We all have a map of the world, our own subjective representation of the way the world is. When new stimuli are presented to us—when we continue to live, in other words—dreams help us process this new information to re-align, re-calibrate, and add chapters to the stories of our lives. The stories we live by aren’t necessarily true, but that’s not the point. The question we must ask ourselves is whether those stories serve us or not.

Simulations and Contingency Plans

When clients tell me that they’ve been having “What if?” thoughts, I view them, among other things, as ideas that need to be explored with compassionate and courageous curiosity so that they can be laid to rest. You see, the mind is constantly running simulations in an effort to ensure survival. When we live in our minds, we live in many different realities showing us what could be “if” we acted like this or like that; if we said this or that. This is a fantastic mechanism for survival because it means that we don’t have to drink that potentially thirst-quenching or pathogen-rich water on the ground, for example. Rather, we can simply let the future run its course, mentally, prior to acting it out, blindly, in our own self-interest. The trouble for modernity is that we have become far too enamoured of rationality and thinking, such that ideas, as opposed to being itself, are favoured. But if evolutionary psychology has taught us anything, it’s that ideas are our servants for survival, not the masters of our fate. We should use them to assist our behaviour and attitudes, not allow them to sit behind the steering wheel.

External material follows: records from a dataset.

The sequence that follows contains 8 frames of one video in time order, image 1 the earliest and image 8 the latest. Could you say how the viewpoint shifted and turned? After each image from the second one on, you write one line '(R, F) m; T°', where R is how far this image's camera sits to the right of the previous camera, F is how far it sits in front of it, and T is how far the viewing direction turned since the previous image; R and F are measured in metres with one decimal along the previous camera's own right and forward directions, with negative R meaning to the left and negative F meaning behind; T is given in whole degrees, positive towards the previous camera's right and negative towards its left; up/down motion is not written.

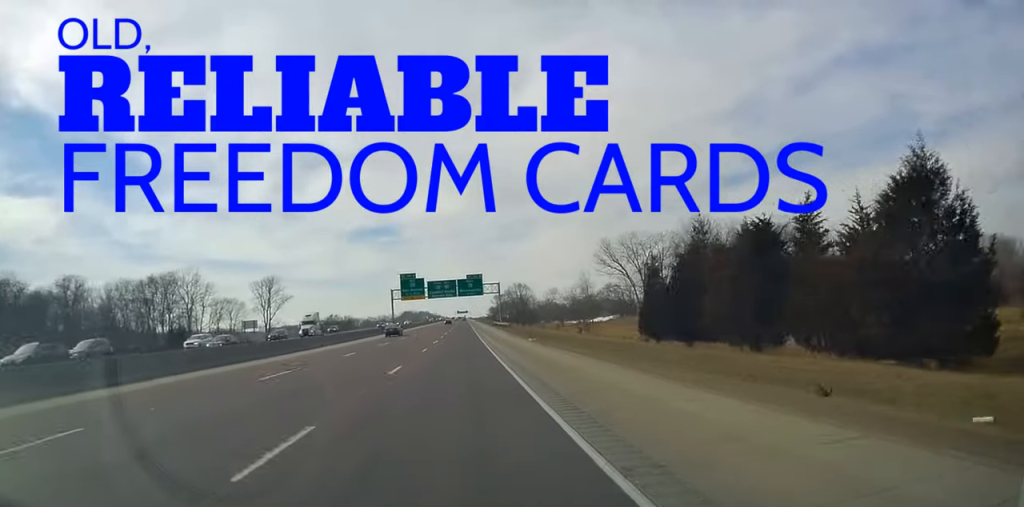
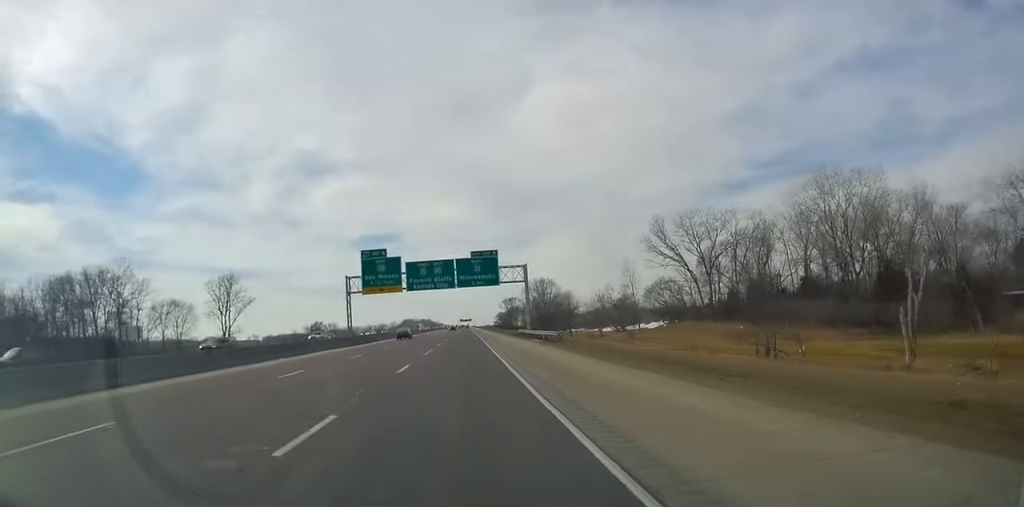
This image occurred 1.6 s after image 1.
(+0.8, +47.8) m; +2°
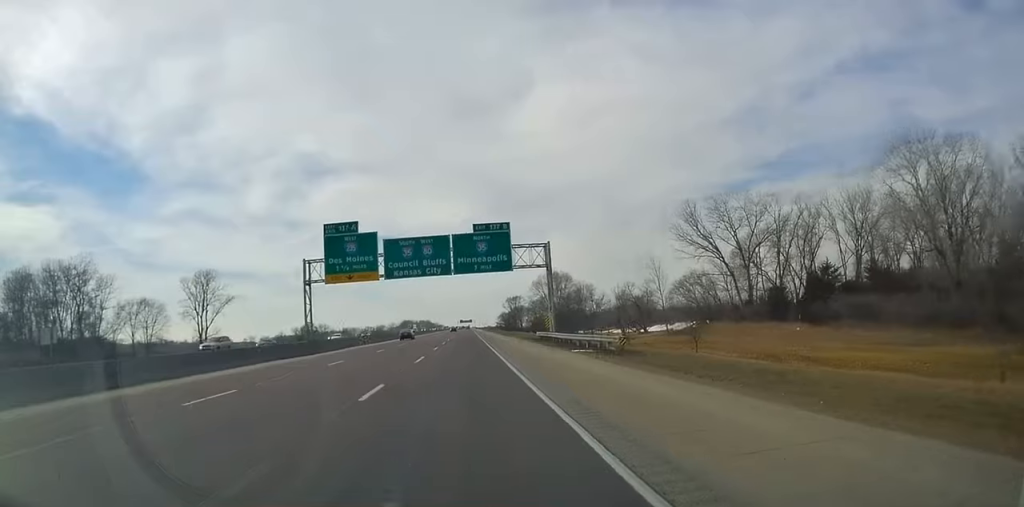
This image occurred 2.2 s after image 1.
(0.0, +19.1) m; 0°
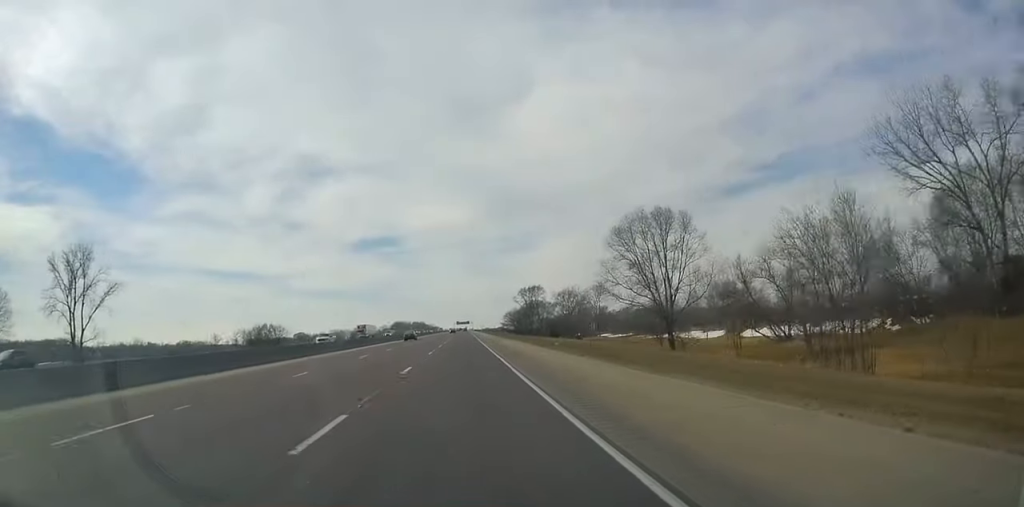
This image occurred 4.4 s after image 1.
(-0.3, +65.5) m; -1°
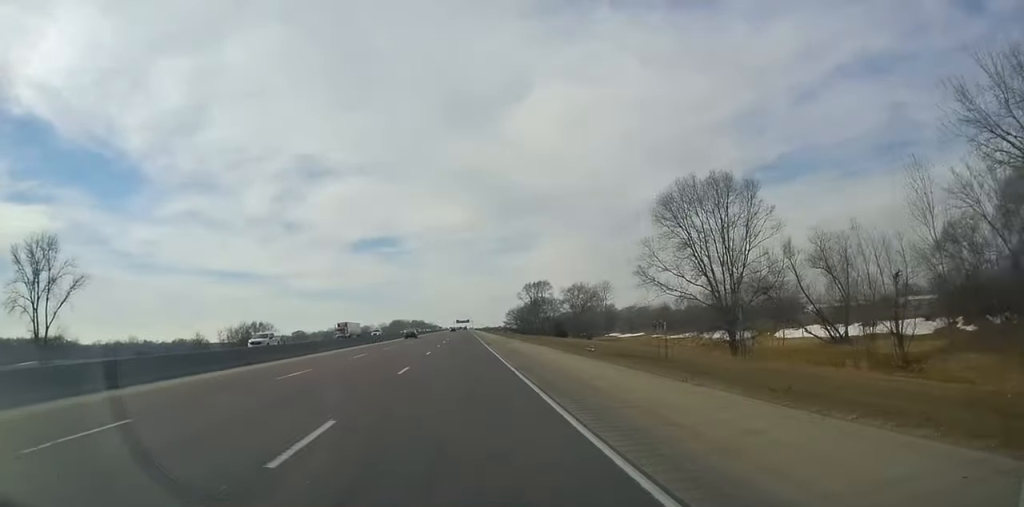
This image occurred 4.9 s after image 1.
(0.0, +13.1) m; 0°
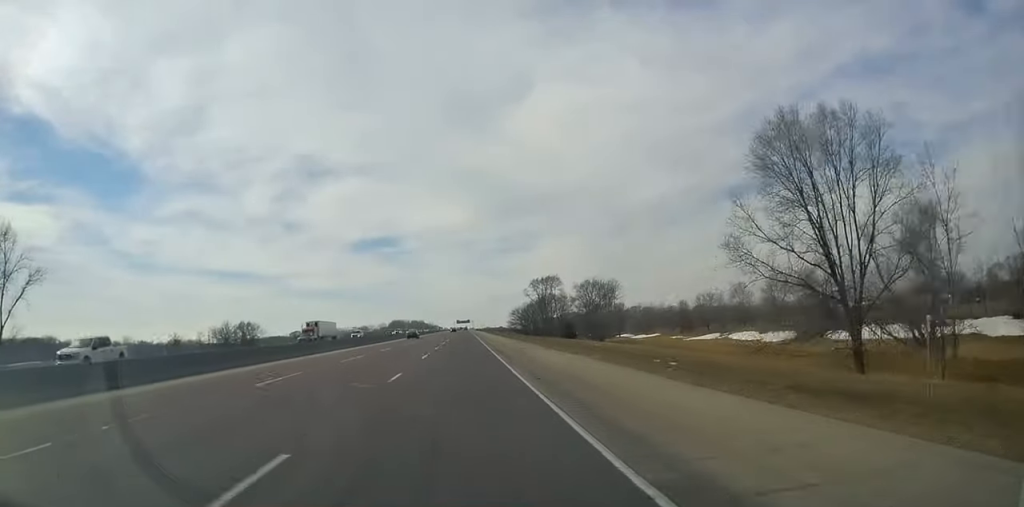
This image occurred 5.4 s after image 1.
(-0.2, +14.3) m; 0°
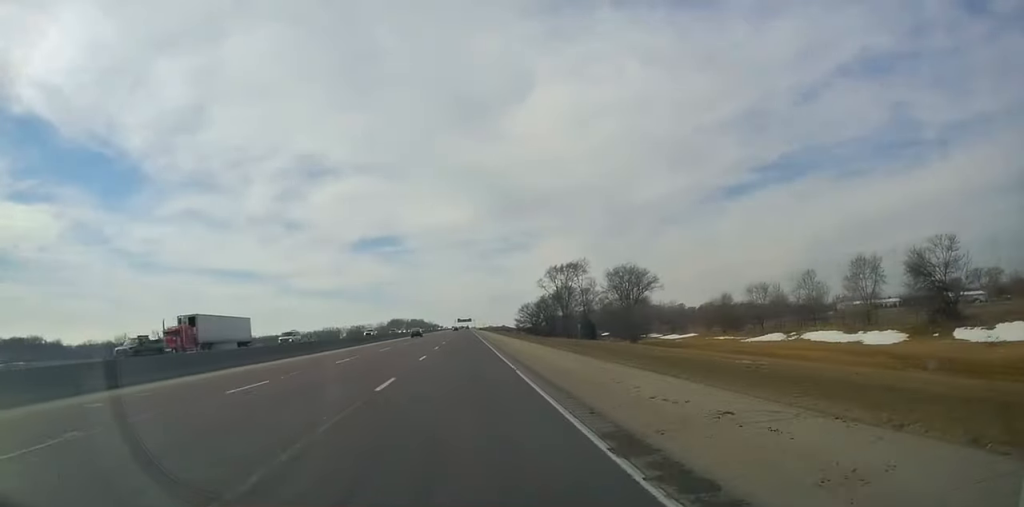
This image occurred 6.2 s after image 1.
(+0.1, +26.2) m; +1°
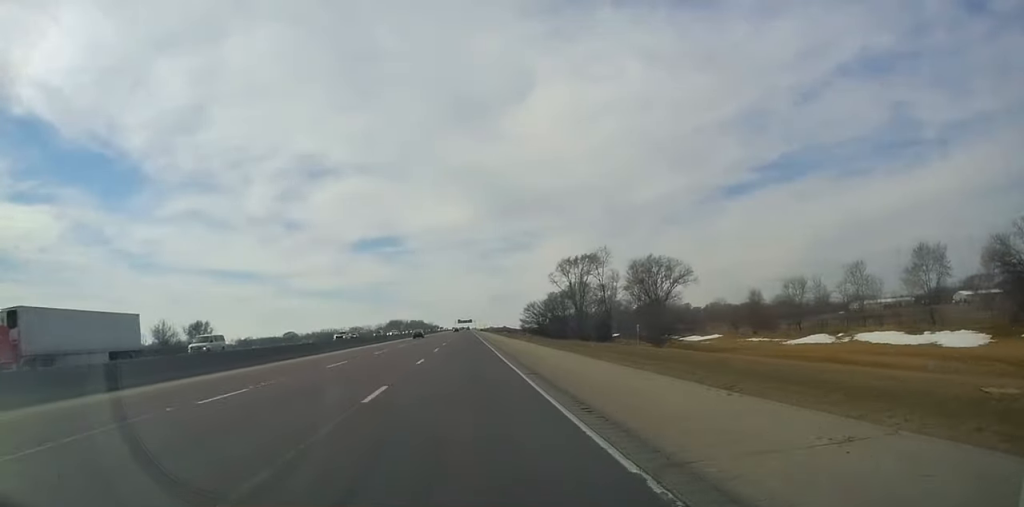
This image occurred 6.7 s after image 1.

Ultimately, the mind, like the body, appears to be a self-regulating system such that dreams will do what they need to do irrespective of our conscious awareness. But if we are to come to greater self-understanding—peering into our souls and seeing our dreams through the lens of what has been discussed here—we may gain deeper insights into how we react to our worlds that we each inhabit. I react to things differently to you and vice-versa. Knowing how I respond to the world, and how I respond to certain ideas and people is a fantastic starting point when I begin to ponder who I really want to be in the world, and how I want to show up. I guarantee that is the same for you as well.

My final point is this: Every self-reflective and therapeutic insight is designed to identify a deeper truth within yourself. The way you use that is by integrating it into a plan that is designed to get you to where you want to be—your goals, visions and mission in life.